The right answer to all of your questions is, "it depends". For example, a society where everyone is completely free but dies at the age of 5 is not really worth living in, nor is a society where everyone lives to 100 as a slave. Thus there is no one answer to "Is life more important than liberty?"

2 comments

>The right answer to all of your questions is, "it depends". For example, a society where everyone is completely free but dies at the age of 5 is not really worth living in, nor is a society where everyone lives to 100 as a slave. Thus there is no one answer to "Is life more important than liberty?"

I think you're missing the point.

The followup question to "It depends" is "On what?" The answer to that question is where commonality begins to form. We might not agree on the exchange rate between freedom and life expectancy, but we will likely agree that there is one.

It reminds me of an old joke:

A man asks a woman if she'd sleep with him for a million dollars.

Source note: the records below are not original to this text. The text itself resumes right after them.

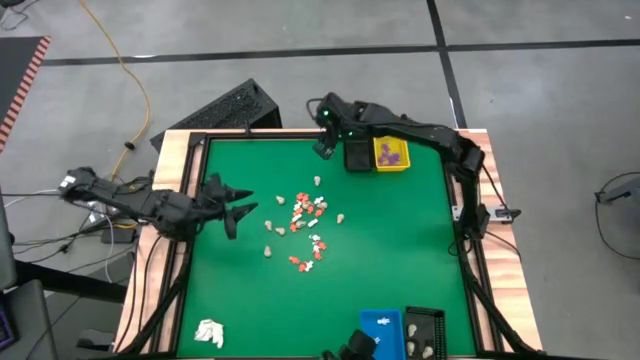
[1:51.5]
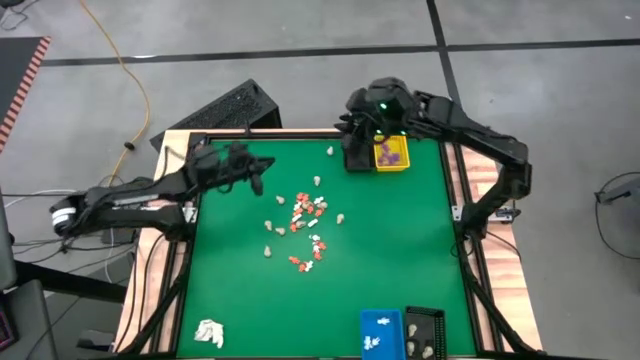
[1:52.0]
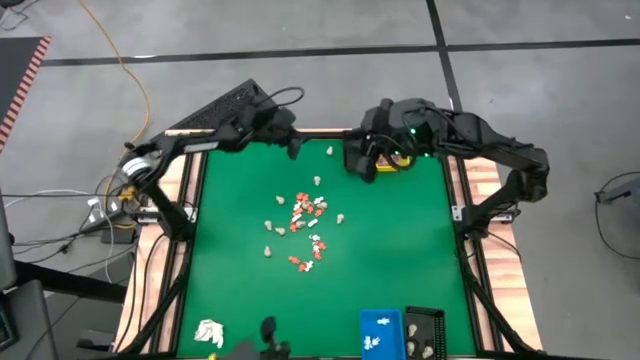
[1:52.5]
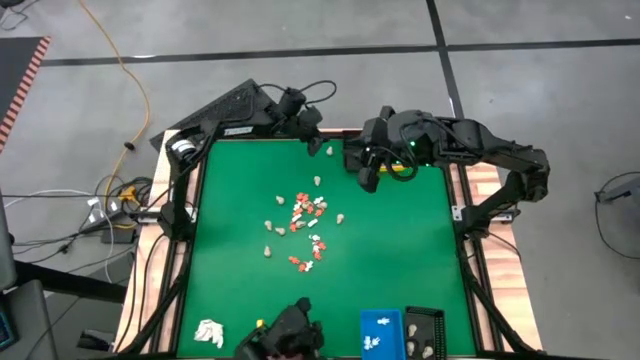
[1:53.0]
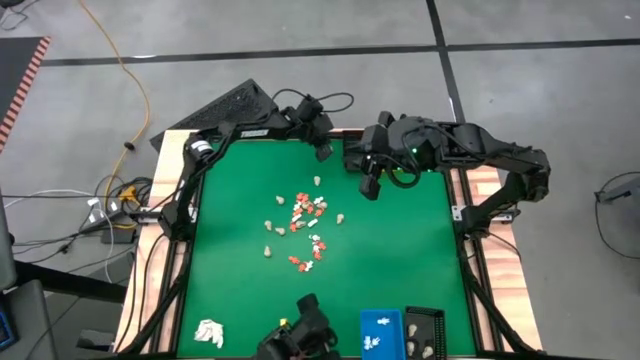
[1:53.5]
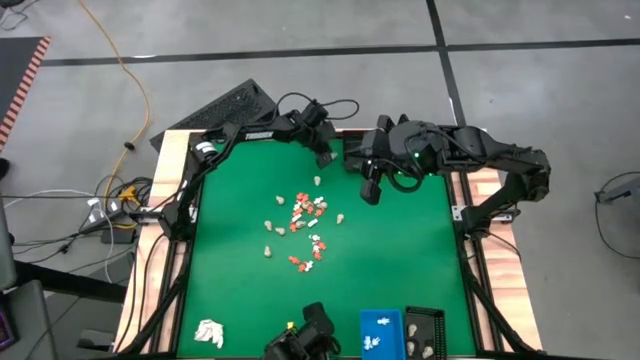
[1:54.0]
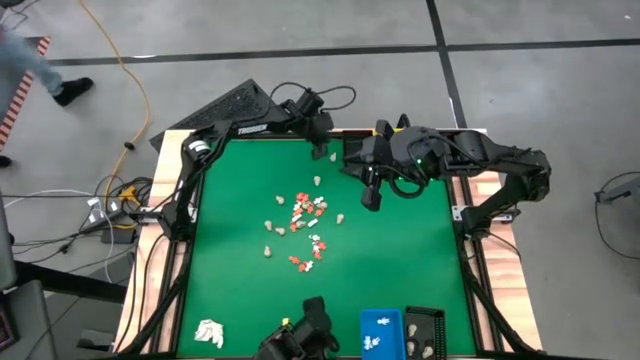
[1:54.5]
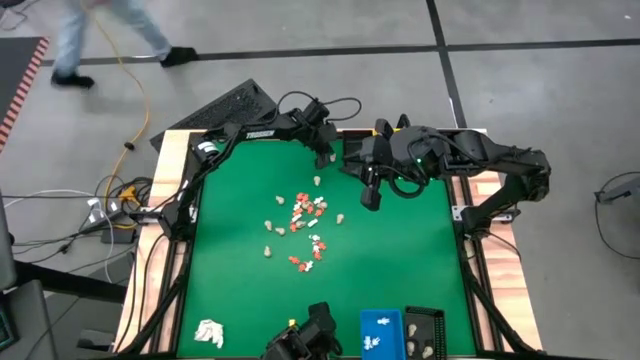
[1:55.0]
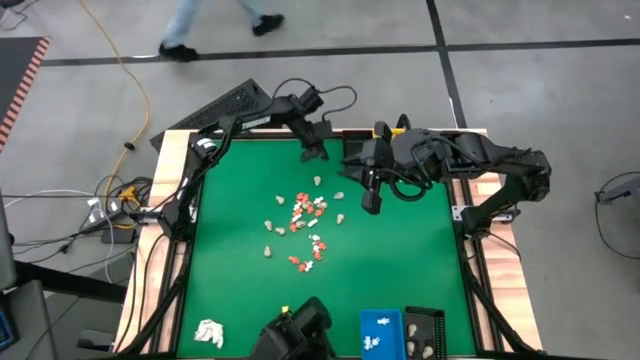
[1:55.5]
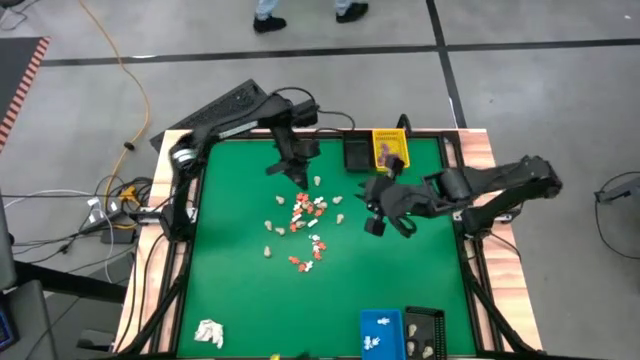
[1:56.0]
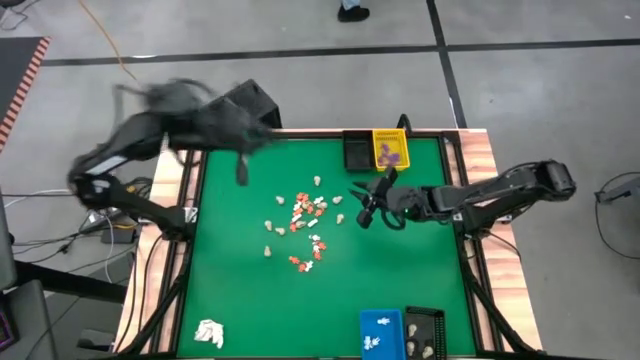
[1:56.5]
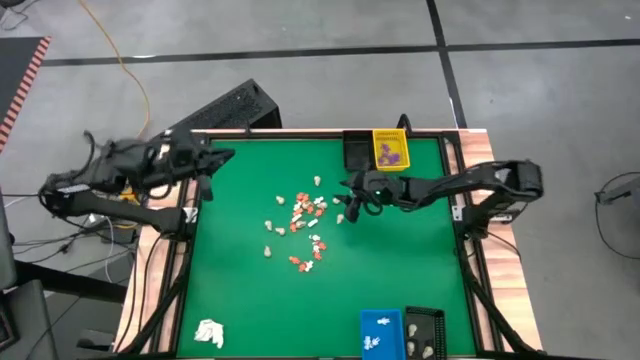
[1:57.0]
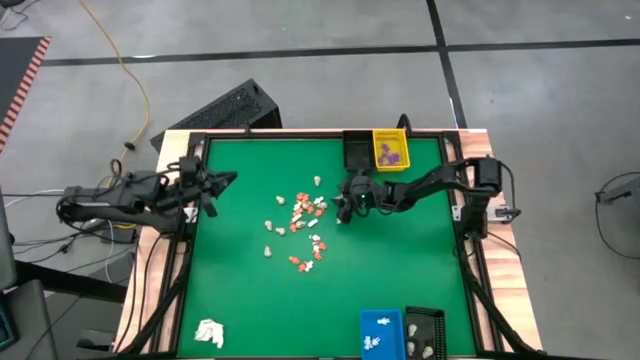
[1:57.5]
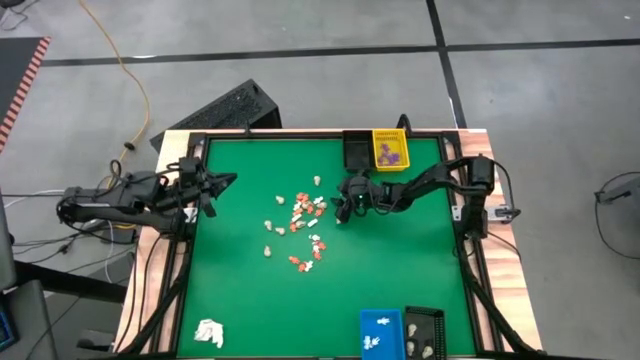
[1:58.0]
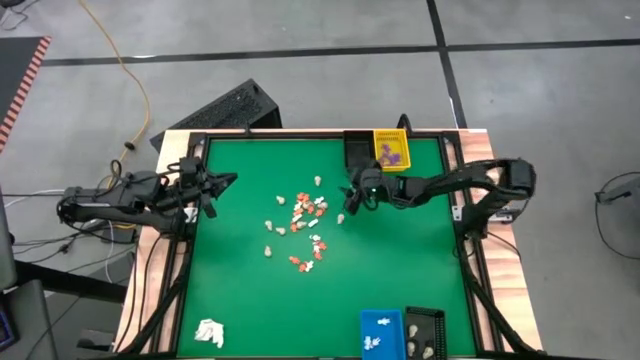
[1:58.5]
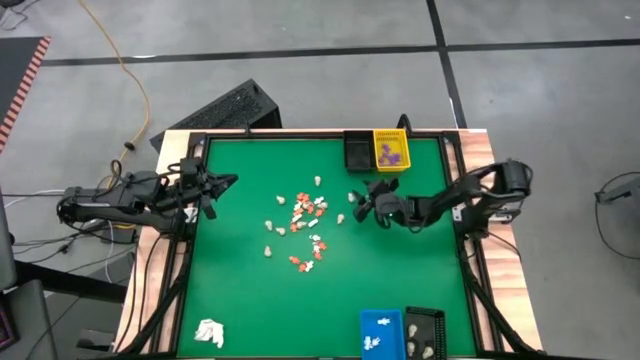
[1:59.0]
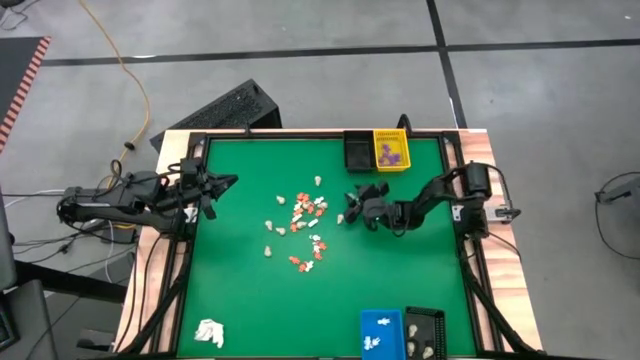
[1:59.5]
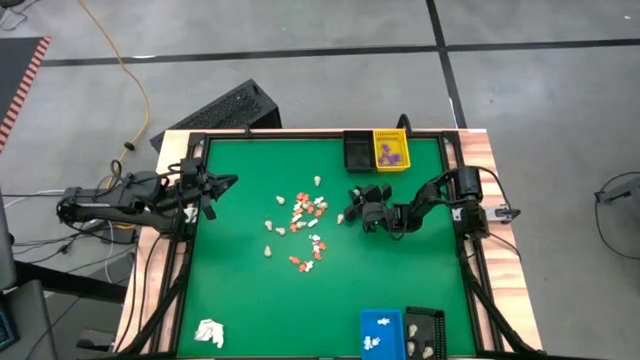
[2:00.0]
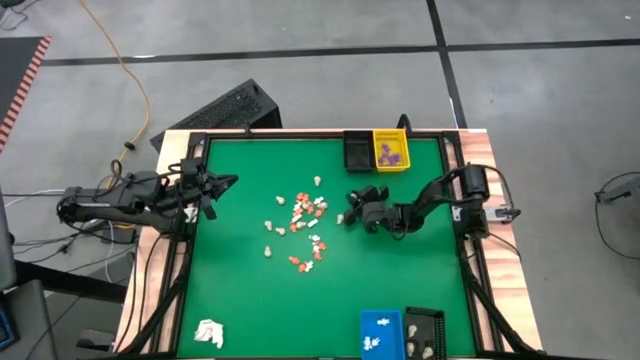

She looks him up and down, smiles, and says "sure." He then asks her if she'd do it for a dollar. She slaps him, asking what sort of girl he thinks she is. He replies she already told him what sort of girl she is and now they're just haggling.

The joke actually makes the opposite point from your point that agreement on substance is easier after agreement that a range exists.
That sounds OK, but seems like it's getting pretty distant from what I identify as "principles".
> In my opinion, principles exist as a fallback when you don't have enough information, time, or intelligence to reason something fully.

OTOH, in Heisenberg's viewpoint, scientific theories are projections of first principles onto data.

> This is because the world is not black-and-white, while principles are, so they will let you down if you rely on them too heavily.

So what about these two principles:

1. Whoever has the responsibility should have the power that goes with it.

2. Since knowledge is local, power should devolve as far as possible towards local households, neighborhoods, and communities.

Do those fit with your critique or are they something else?